Либеральный султан Абдул-Меджид шел на поводу своего британского советника Каннинга и мятеж подавлять не спешил. Но Николай I все же убедил его. Султан сообразил, что подобным образом может посыпаться вся его империя. Или русские вмешаются без него, что тоже было нежелательно. 19 июля он послал в Валахию 20 тыс. солдат. Либералы сразу поджали хвосты, временное правительство сложило полномочия, конституцию послало на рассмотрение султану. Но радикалы упрямились, призывали к борьбе, стягивали силы к Бухаресту. Велись переговоры, пока турецкому командующему Фауд-паше не надоело. 13 сентября он отдал приказ войскам, слабенькие революционные отряды раскидали за день и заняли Бухарест. Хотя Фауд-паша действовал мягко, без расправ, руководителей мятежа, 91 человек, просто выслал из страны.
А царь действовал вообще мудро. Направил в Дунайские княжества 5–й корпус генерала Лидерса, в Молдавию он вошел в августе, но в Валахию – только 15 сентября, когда сопротивление было уже подавлено. И расположиться ему было назначено вдоль границы с Австрией и Венгрией. Там революция полыхала вовсю, и русские части стали «санитарным кордоном», отсекая ее от соседей. По Молдавии и Валахии между Россией и Турцией была заключена Балта-Лиманская конвенция. Оккупация совместными силами предполагалась до общего установления порядка. Автономия княжеств урезалась. Господарей должен был назначать султан сроком на 7 лет – но по согласованию с царем.

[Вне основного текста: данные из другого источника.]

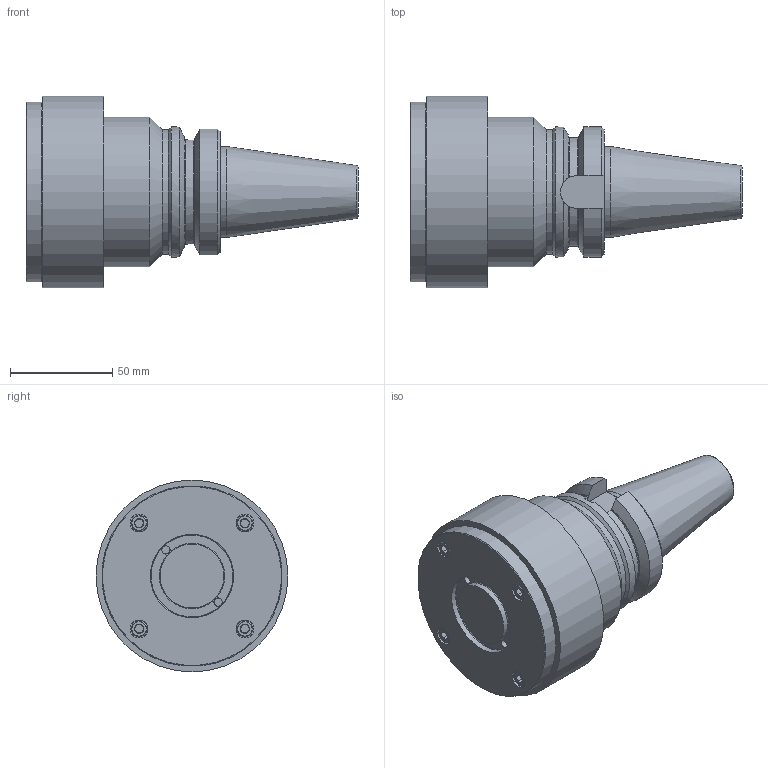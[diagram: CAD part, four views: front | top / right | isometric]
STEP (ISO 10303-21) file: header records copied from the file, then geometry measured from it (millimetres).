
FILE_DESCRIPTION (( 'STEP AP203' ), '1' );
FILE_NAME ('BT40-SA-D.STEP', '2015-06-23T01:01:18', ( '' ), ( '' ), 'SwSTEP 2.0', 'SolidWorks 2014', '' );
FILE_SCHEMA (( 'CONFIG_CONTROL_DESIGN' ));
Length unit declared in the file: inch
Products named in the file (1): BT40-SA-D
Bounding box: 162 x 93.65 x 93.65 mm (x, y, z)
Volume: 512945.1 mm3; surface area: 46444.9 mm2
Topology: 5 solids, 5 shells, 138 faces, 279 edges, 162 vertices
Faces by surface type: plane 61, cone 43, cylinder 24, torus 8, bspline 2
Full cylindrical faces by diameter (mm): 4.039 x2, 7.925 x4, 8.738 x4, 31.217 x1, 40.767 x1, 44.45 x1, 60.96 x1, 63.5 x1, 73 x1, 88.113 x1, 93.65 x1
Entity records: 3709 total; most frequent: CARTESIAN_POINT 977, DIRECTION 568, ORIENTED_EDGE 478, AXIS2_PLACEMENT_3D 244, EDGE_CURVE 239, EDGE_LOOP 182, FACE_OUTER_BOUND 158, VERTEX_POINT 155

Однако в это же время положение менялось и в других государствах. Организаторы революций ради собственных целей вовлекли в них всех, кто «против», готов крушить и ломать. Но самые «боевые» оказывались и самыми радикальными, самыми привлекательными для простонародья. Распробовав свою силу, они выходили из-под контроля, революции стремительно «левели». Если в Риме начинал либеральные реформы папа Пий IX, то уже вскоре из Лондона к нему перебрались лидеры итальянских боевиков Мадзини, Гаррибальди, а в итоге папе пришлось бежать, была провозглашена Римская республика.
Во Франции революция тоже начиналась под чисто либеральными лозунгами, но победили республиканцы. А они тут же попали под давление социалистов и коммунистов. При малейших разногласиях эти «союзники» поднимали массу рабочих, угрожая восстанием. В угоду им снижались цены на продукты, организовывались «национальные мастерские» с никому не нужным трудом за 2 франка в день. Причем говорить о защите «интересов народа» в данном случае совершенно не приходилось. Экономический и финансовый кризис революция только усугубила, и новая власть решила проблему, переложив все тяготы на крестьян. Они и без того бедствовали, а им повысили налоги сразу на 45 %.
23 апреля прошли выборы в Учредительное собрание – впервые в истории со всеобщим голосованием (но только для мужчин). Большинство мандатов получили умеренные республиканцы, их имена были на слуху, в их распоряжении была газетная реклама. Но социалисты и коммунисты объявили результаты подтасованными, взбунтовали людей. 15 мая вывели на манифестацию 150 тыс. человек. Требовали, чтобы Франция начала войну в поддержку Польши. Ворвались в Бурбонский дворец, где заседало Учредительное собрание и «именем народа» объявили его распущенным, принялись составлять собственное правительство. Мятеж кое-как усмирили национальной гвардией, лидеров арестовали. 22 июня левые опять подняли рабочие предместья с требованиями освободить арестованных и установить «социальную республику».
Либералы сочли, что терпеть такое положение хватит. На следующий день Учредительное собрание ввело осадной положение и передало диктаторскую власть военному министру Кавеньяку, прославившемуся в Алжире как победами, так и жестокостью. Рабочие и студенты уже привыкли, что перед наглостью власть пасует, возбудились очередной раз вооружаться, строить баррикады. Но Кавеньяк вызвал в Париж войска и устроил крутую зачистку. С мятежниками не церемонился. За 3 дня расстреляли 11 тыс. человек. Да-да, не пятерых декабристов, а 11 тысяч. И никто во Франции не обвинял его в «зверствах». Наоборот, славили, как спасителя отечества. В рамках осадного положения он закрыл все политические организации – до президентских выборов, назначенных в декабре. Кавеньяк ничуть не сомневался, что он и станет президентом. Он уже был почти единовластным правителем страны. Как гарант твердого порядка он вполне устраивал и французские финансовые, промышленные круги.